Beginning in the 1940s, Toyota developed a new manufacturing philosophy, the Toyota Production System (TPS), which changed the way the company's automobiles were built. In the 1990s, this philosophy took on the generic name of Lean production. This strategy was based on two simple principles: the elimination of any step in a process that did not directly add value to the product, and the smoothing of the flow of work necessary to build the product, (continuous work as opposed to batched processing). The goal was to create better value to the end user of a product while eliminating all waste in the process and thereby cutting the manufacturing cost.
Financial institutions operate many areas that resemble automobile manufacturing plants.
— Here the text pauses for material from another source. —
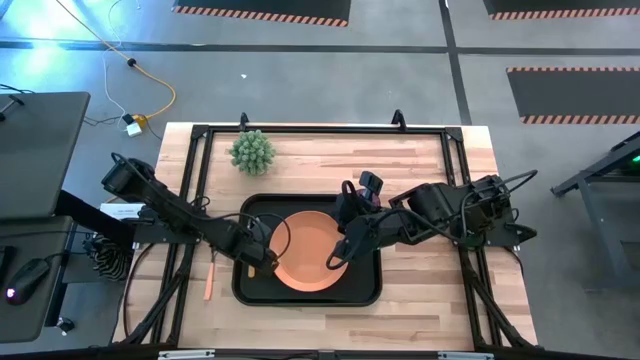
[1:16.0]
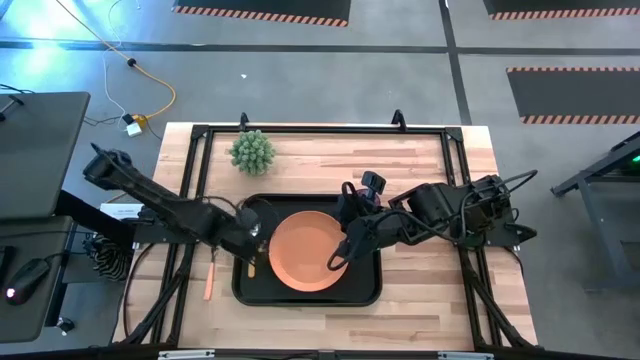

The processing involved in loan origination or payments operations, for example, involves multiple steps, carried out by specialized staff, and chained together to create a meta-process that can span the whole enterprise. The end product has two values associated with it: the value to the customer, and the value (cost) that the institution placed on the work to create it. Unfortunately, in many cases, the latter cost is higher than the value placed on the product by the customer.
Gaining the Benefits of Lean
The similarity between automobiles and banking is good news for the financial services industry because it implies that Lean production practices can be applied to complex operations at the bank to gain efficiency and improve quality. Lean production has been proven to gain efficiencies and increase quality across multiple dimensions that can benefit banks, including:
The resulting improvements lower the cost to "produce" the end product while increasing the value to the customer, through faster production and increased quality.
A Lean Case Study
One $60 billion, U.S.-based full-service bank learned how well Lean is applicable in financial services. With more than 9,000 employees -- including 1,500 staff in the back office -- the bank created models in order to estimate the workforce's efficiency. The models revealed significant waste in the bank's back office. An analysis of one area in the back office showed a 10 percent difference between payroll and actual productive work by that department -- staff was being paid 40 hours for only 36 hours of work. Worse, there were some areas in the bank's back office that had no data on where the workforce was actually spending its time.
The bank created a disciplined workforce management strategy, using Lean at its core, to improve the value it was providing to the customer through cost reductions and improved customer service. Former auto engineers were brought in to leverage their experience in Lean production strategies within the bank's operations areas. The Production Management Engineering (PME) group, made up of engineers and bank executives, started with Activity-Based Costing (ABC) to quantify the inefficiencies reported by the earlier models. ABC determines exactly what every widget costs to make -- or in the bank's case, what every activity in a process costs in terms of full-time employee (FTE) hours or payroll dollars.
In order to gather the data critical to ABC, the bank implemented a comprehensive workforce management solution consisting of software and new processes. This included touch-screen kiosks where staff checked in and out every day to collect workforce performance and process data. Prior to the introduction of the kiosk, workers clocked in and out but there was no centralized accounting for what the staff did during their day. By tying this to production systems, the result was an exact measurement of workforce productivity and the efficiency of the processes overall. Combined with payroll system data, it provided insight into costing, individual and departmental productivity and performance, capacity, and more.
ABC was the key to the successes that ensued. With what the bank now called the "single source of truth," forecasting modules to determine labor demand, automated scheduling algorithms to optimize fit and dashboard reporting and analytics to improve visibility, the PME could now identify changes that led to significant improvements in efficiency. The integrated scheduling system, part of the workforce management solution, optimized the workload fit by tightly coupling individual worker profiles (available hours, skills, etc.) with the work to be done, eliminating significant waste. The schedules guided staff to specific activities every time they checked in, even suggesting appropriate break times. The bank was able to immediately recover the 10 percent variance between payroll and actual work and ultimately optimized workforce effectiveness in their operations by an average of 30 percent. In areas where additional staff was needed, management now had the tools with which to justify the increases.
But more than just reducing costs, the bank applied Lean principles to be able to put the right people in the right places, and at the right times and doing the right things. As a result, customer satisfaction (and value) increased as well. For the bank, Lean just worked.
Next (or First) Steps
By translating Lean principles from the original manufacturing lexicon to the back office, banks can create a powerful infrastructure to identify waste where it exists and to quantify the cost of doing business. The three critical components of a Lean production program are: a program office that can train and deploy Lean practices across the enterprise, the consolidated and consistent activity data, and an automated scheduling solution that leverages that data. Activity-Based Costing is an important first step -- without the "single source of truth," improvements can't be made with any certainty as to the outcome. Ultimately, Lean production leads to a win-win-win situation, with the consumer reaping a higher-quality product, the bank staff benefiting from higher performance and more objective appraisals, and the bank itself performing better and producing (or servicing) at a lower cost.